From 1950 to 1972, she hosted CBC radio programs such as ‘Folksong Time,’ ‘Folklore and FolkMusic,’ ‘Folk Sounds,’ and ‘The Travelling Folk of the British Isles.’ She joined the English Department of York University in 1971 until 1984.

In the 1980s, Fowke also taught folk music in the University of Calgary’s Kodaly program and was president from 1985 to 1986 of the Folklore Studies Association of Canada. Fowke received many honours, including honourary doctorates from four Canadian universities, Companion of the Order of Canada in 1978, Fellow of the Royal Society of Canada in 1983 and a Lifelong Achievement Award from the Folk Alliance conference.

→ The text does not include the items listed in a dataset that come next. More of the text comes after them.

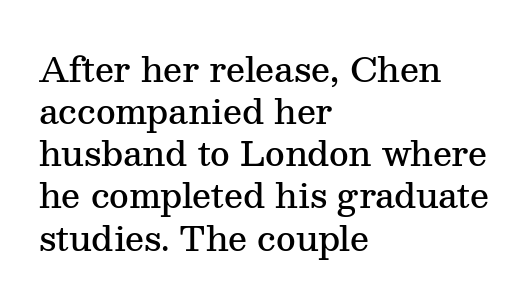
Designer's note — italics off, roman on. Nothing unusual about the tracking: characters are spaced as the font intends. The text was rendered using a seriffed face with decorative stroke endings. Line beginnings align vertically; line endings do not. A semibold gives these letters moderate extra thickness, short of bold.
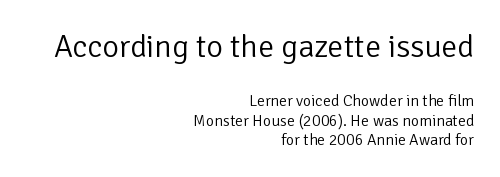
{"serif": "no", "italic": "no", "bold": "no", "weight": "light", "width": "normal", "stroke_contrast": "low", "x_height": "medium", "monospaced": "no", "underline": "no", "align": "right", "line_spacing_ratio": 1.21, "letter_spacing": "normal", "letter_spacing_em": 0.0, "larger_block": "first", "size_ratio": 2.0, "glyph_px": 32}
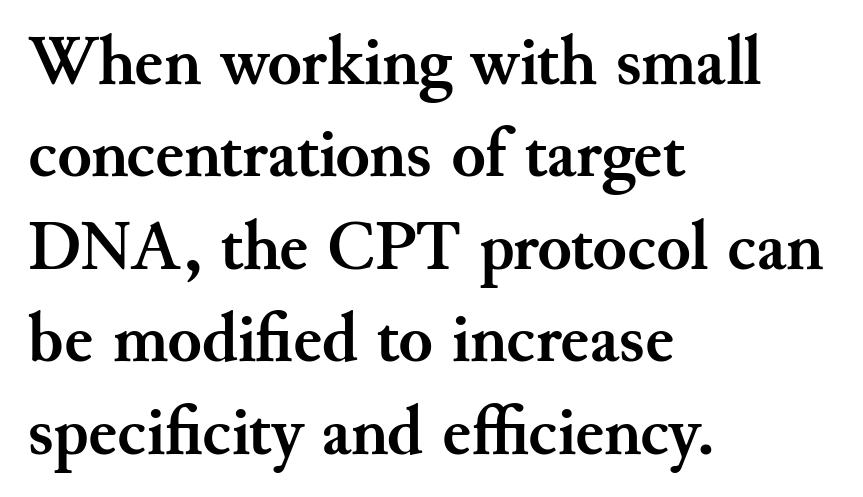
Q: Is the text bold? A: Yes.
Q: Is the text italic (slanted)? A: No, it is upright.
Q: Is the typeface a serif or a sans-serif typeface? A: Serif.
Q: Is the text underlined? A: No.
Q: How is the paragraph aligned? A: Left-aligned.
Q: Is the spacing between letters normal or unusually wide? A: Normal.
Q: Is the spacing between lines tight, normal or loose? A: Normal.
Q: Width (condensed, normal, or wide)? A: Normal.
Q: Stroke contrast? A: Medium.
Q: x-height? A: Small.
Q: Monospaced? A: No.
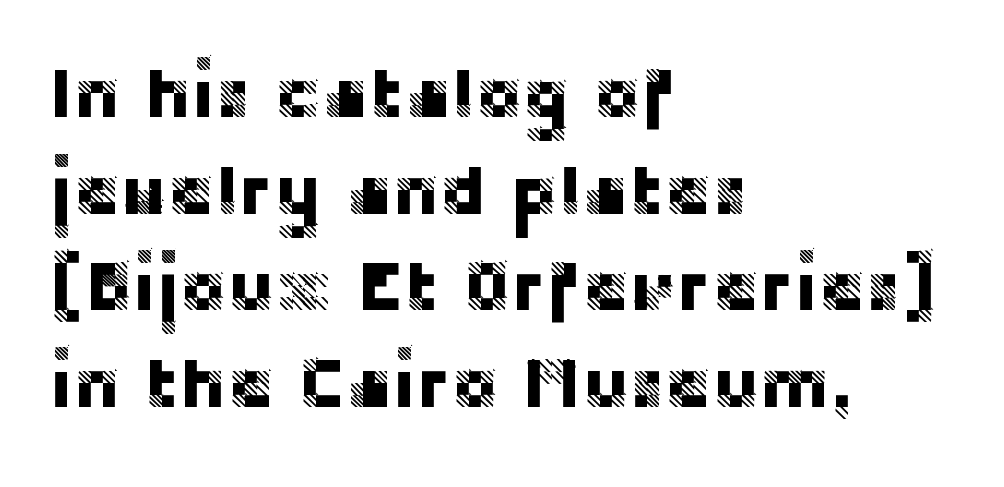
{"serif": "no", "italic": "no", "width": "normal", "stroke_contrast": "low", "x_height": "large", "monospaced": "no", "underline": "no", "align": "left", "line_spacing": "normal", "line_spacing_ratio": 1.36, "letter_spacing": "normal", "letter_spacing_em": 0.0, "glyph_px": 71}
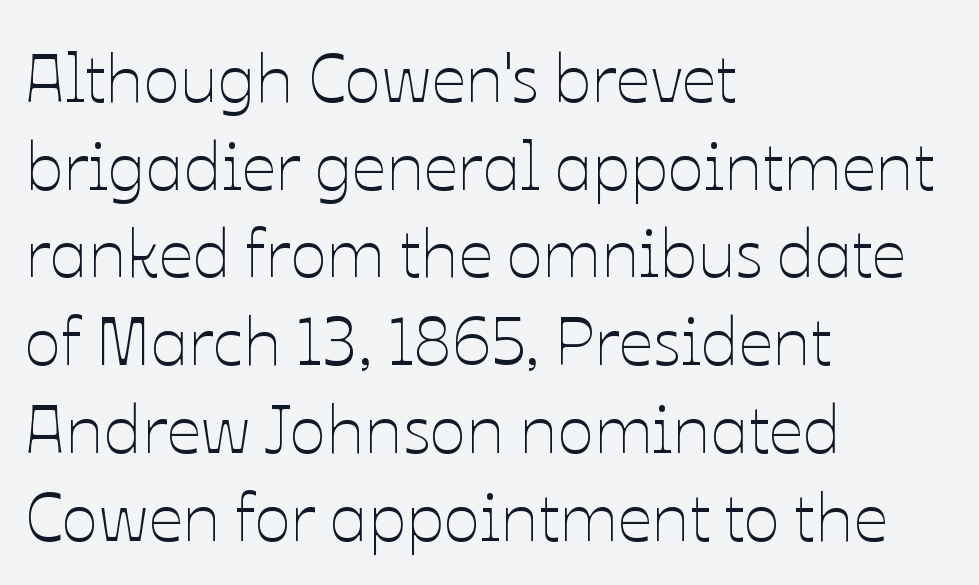
{"italic": "no", "bold": "no", "weight": "thin", "width": "normal", "stroke_contrast": "low", "x_height": "medium", "monospaced": "no", "underline": "no", "align": "left", "line_spacing": "normal", "line_spacing_ratio": 1.29, "letter_spacing": "normal", "letter_spacing_em": 0.0, "glyph_px": 68}

Edith’s interest in folksong and her disappointment in the small quantity of Canadian songs published and recorded led her to begin her own research in the mid-1940s. Among Fowke’s more than twenty publications were topics of folksongs, including Folksongs of Canada (1954, with Richard Johnston), Traditional Singers and Songs From Ontario (1965), Lumbering Songs From the Northern Woods (1970), The Penguin Book of Canadian Folksongs (1973), and Sea Songs and Ballads From Nineteenth-century Nova Scotia (1982).

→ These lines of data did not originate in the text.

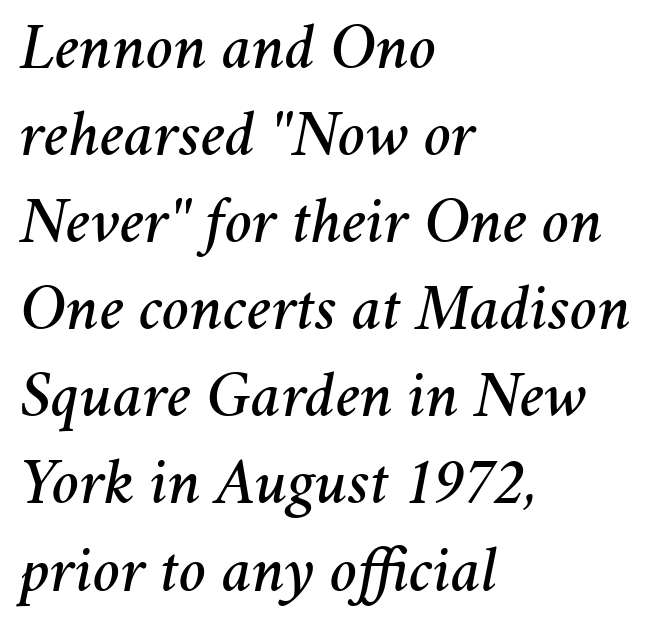
Emphasis-style slanted type is in use. Rule under the text: the space is simply empty. The passage shown has conventional tracking throughout. The rendering uses a moderate line-height, typical for paragraphs. The paragraph has a hard left edge and a soft right edge.
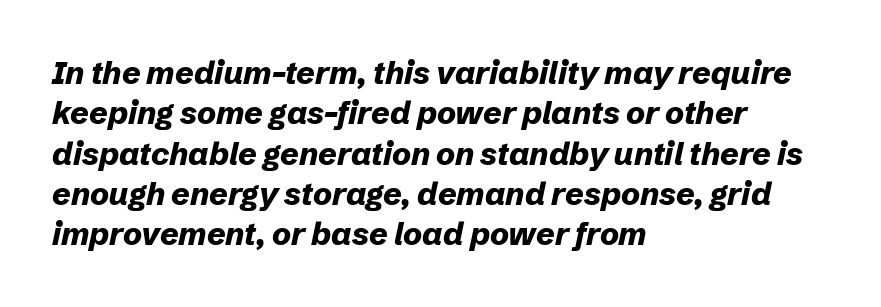
The image shows 32 px bold type, italic (leaning right); set left-aligned, normal line spacing (1.26x), normal letter spacing, not underlined; low stroke contrast and a medium x-height.
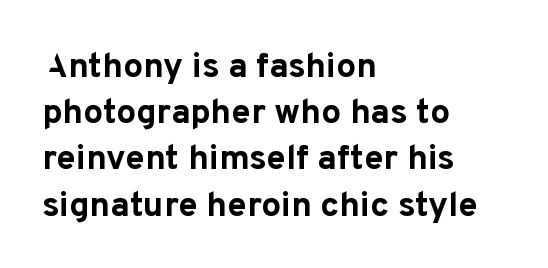
The image shows 35 px bold sans-serif type, upright; set left-aligned, normal line spacing (1.32x), normal letter spacing, not underlined; low stroke contrast and a medium x-height.
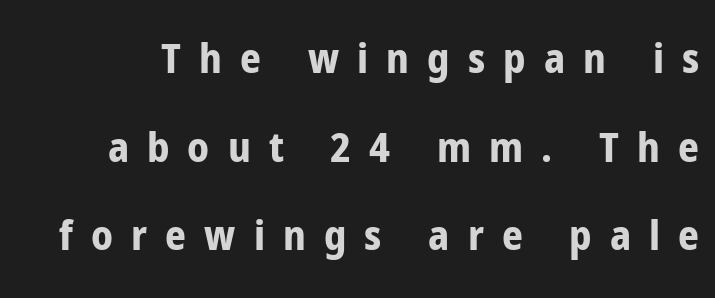
Regarding leading, the lines here are spaced well apart. Each glyph is drawn with heavy, bold strokes. It's the straight-up-and-down kind of type. In terms of letterform style, serifs are entirely absent.

On non-musical folklore she collected the chants and rhymes of children for the popular ‘Sally Go Round the Sun’ (1969) which won a bronze medal from the Association of Children’s Librarians, ‘Ring Around the Moon’ (1972), and ‘Red Rover! Red Rover!: Children’s Games Played in Canada’ (1988). Her folklore collections include ‘Folklore of Canada’ (1976), ‘Folktales of French Canada’ (1979), ‘Tales Told in Canada’ (1986), and ‘Legends Told in Canada’ (1988). Fowke’s ‘Canadian folklore’ (1988), in ‘Oxford’s Perspectives on Canadian Culture Series’, is a brief but valuable and wide-ranging survey of the subject. Fowke was a founding member of the CSMT (Canadian Society for Musical Traditions) and became the editor of its publication, the ‘Canadian Folk Music Journal’, in 1973. Edith is also well-known for recording the songs of traditional singers O.J. Abbot, LaRena Clark and Tom Brandon.

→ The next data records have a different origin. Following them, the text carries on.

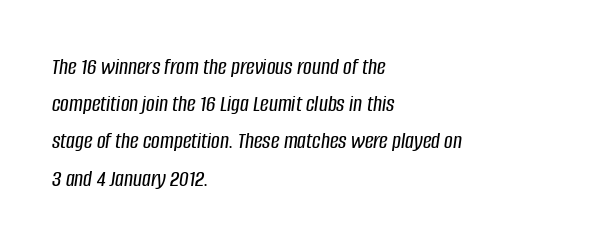
The image shows 24 px text type, italic (leaning right); set left-aligned, normal line spacing (1.55x), normal letter spacing, not underlined.
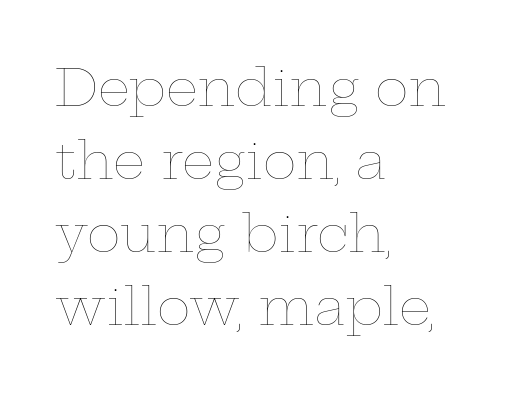
Unmarked baselines from the first word to the last. Is this a fixed-width face? No — the glyphs have proportional, varying widths. Quick note: interline space is typical. Tall strokes in this sample are plumb rather than angled. The type is set solid horizontally, with unmodified tracking.
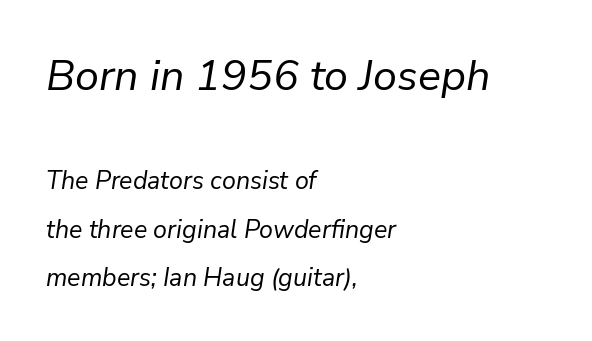
{"italic": "yes", "lean": "right", "slant_degrees": 9, "bold": "no", "weight": "regular", "width": "normal", "stroke_contrast": "low", "x_height": "medium", "monospaced": "no", "underline": "no", "align": "left", "line_spacing": "loose", "line_spacing_ratio": 1.93, "letter_spacing": "normal", "letter_spacing_em": 0.0, "larger_block": "first", "size_ratio": 1.72, "glyph_px": 43}

Fowke’s dedication to preserving Canada’s folk music has been widely recognized both by scholars and by folk musicians, who often turned to her for repertoire. Her field recordings have been deposited at the Canadian Museum of Civilization in Ottawa and at the York University library. Her archives are held by the University of Calgary and her copyrights are owned by The Writers’ Union of Canada, of which she was a proud and loyal member.